• **Data to process**
*** Begin section ***
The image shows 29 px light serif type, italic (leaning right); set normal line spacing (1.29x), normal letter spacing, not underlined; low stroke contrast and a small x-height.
*** End section ***
*** Begin section ***
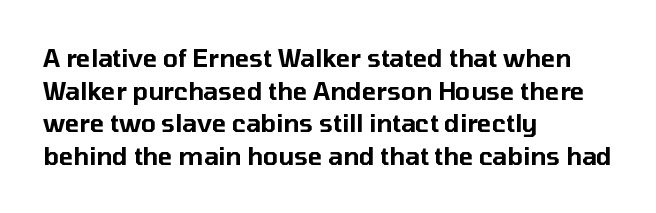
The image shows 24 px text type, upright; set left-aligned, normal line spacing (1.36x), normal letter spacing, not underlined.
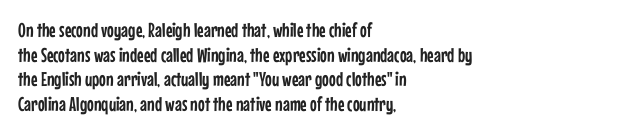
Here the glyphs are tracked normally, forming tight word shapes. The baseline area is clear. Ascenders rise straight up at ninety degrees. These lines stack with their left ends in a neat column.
*** End section ***
*** Begin section ***
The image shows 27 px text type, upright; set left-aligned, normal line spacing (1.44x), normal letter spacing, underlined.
*** End section ***
• **What to do**
All lines in the data that contain the word "type" should be copied.

• **Output of the task**
The image shows 29 px light serif type, italic (leaning right); set normal line spacing (1.29x), normal letter spacing, not underlined; low stroke contrast and a small x-height.
The image shows 24 px text type, upright; set left-aligned, normal line spacing (1.36x), normal letter spacing, not underlined.
The image shows 27 px text type, upright; set left-aligned, normal line spacing (1.44x), normal letter spacing, underlined.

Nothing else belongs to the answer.